Jakarta, Aktual.com – Kepala Badan Pangan Nasional (Bapanas) Arief Prasetyo Adi mengatakan bahwa pihaknya telah menetapkan kebijakan relaksasi harga gula di tingkat ritel atau konsumen berlanjut hingga 30 Juni 2024.
“Relaksasi atau penyesuaian harga gula di tingkat konsumen yang berakhir tanggal 31 Mei 2024 diperpanjang sampai dengan 30 Juni 2024,” kata Arief melalui pesan singkat di Jakarta, Rabu (5/6).
Dia menyebut bahwa relaksasi harga gula di tingkat ritel atau konsumen sebesar Rp17.500 per kilogram (kg), sedangkan di tingkat produsen sebesar Rp14.500 per kg.
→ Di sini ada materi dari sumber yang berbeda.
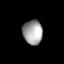
Tissue: lung
Cell type: Smooth muscle cells
Senescence score: 0.5806
Nuclear area (px): 474
Mean DAPI intensity: 159.589
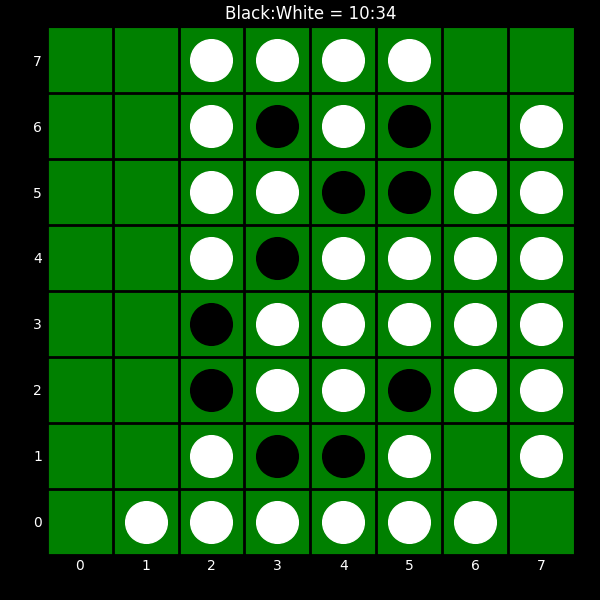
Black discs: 10
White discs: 34
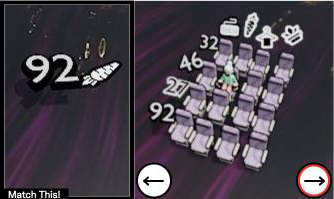
Task: seats
Answer: no

Sementara untuk daerah/wilayah Maluku, Maluku Utara, Papua, Papua Barat, Papua Pegunungan, Papua Tengah, Papua Selatan, Papua Barat Daya, dan wilayah 3TP (Tertinggal, Terluar, Terpencil, dan Perbatasan) harga gula konsumsi di tingkat ritel atau konsumen sebesar Rp18.500 per kg.
Dia mengatakan bahwa relaksasi atau penyesuaian harga gula di tingkat konsumen yang diperpanjang sampai dengan 30 Juni 2024, nantinya akan dilakukan evaluasi secara berkala.
Sementara itu, untuk relaksasi harga acuan pembelian (HAP) gula di tingkat produsen yang mulai berlaku pada 3 Mei 2024 sebesar Rp14.500 per kg, Arief menjelaskan bahwa kebijakan itu akan terus berlanjut hingga 31 Oktober 2024.
“Relaksasi HAP (harga acuan pembelian) gula di tingkat produsen yang berlaku mulai 3 Mei 2024 sampai dengan 31 Oktober 2024 dan atau hingga berakhirnya musim giling,” jelas Arief.
Bapanas berharap Satuan Tugas Pangan Polri untuk bersama sama melakukan pengawasan secara berkala, baik di tingkat produsen maupun konsumen.
“Hal itu, guna memastikan implementasi relaksasi HAP gula konsumsi di tingkat produsen sesuai dengan surat pemberitahuan tersebut,” jelas Arief.
Arief sebelumnya menyampaikan bahwa penetapan relaksasi HAP gula melalui Rapat Koordinasi Stabilisasi Pasokan dan Harga Pangan (SPHP) Gula Konsumsi lintas kementerian/lembaga. Kebijakan tersebut diberlakukan sejak 5 April hingga berakhir 31 Mei 2024.
Menurut dia , kebijakan relaksasi HAP gula diberlakukan karena memang harga komoditas tersebut secara global cukup tinggi.
Meski begitu, ia menilai bahwa tingginya harga gula saat ini merupakan momentum yang tepat untuk meningkatkan produksi dalam negeri.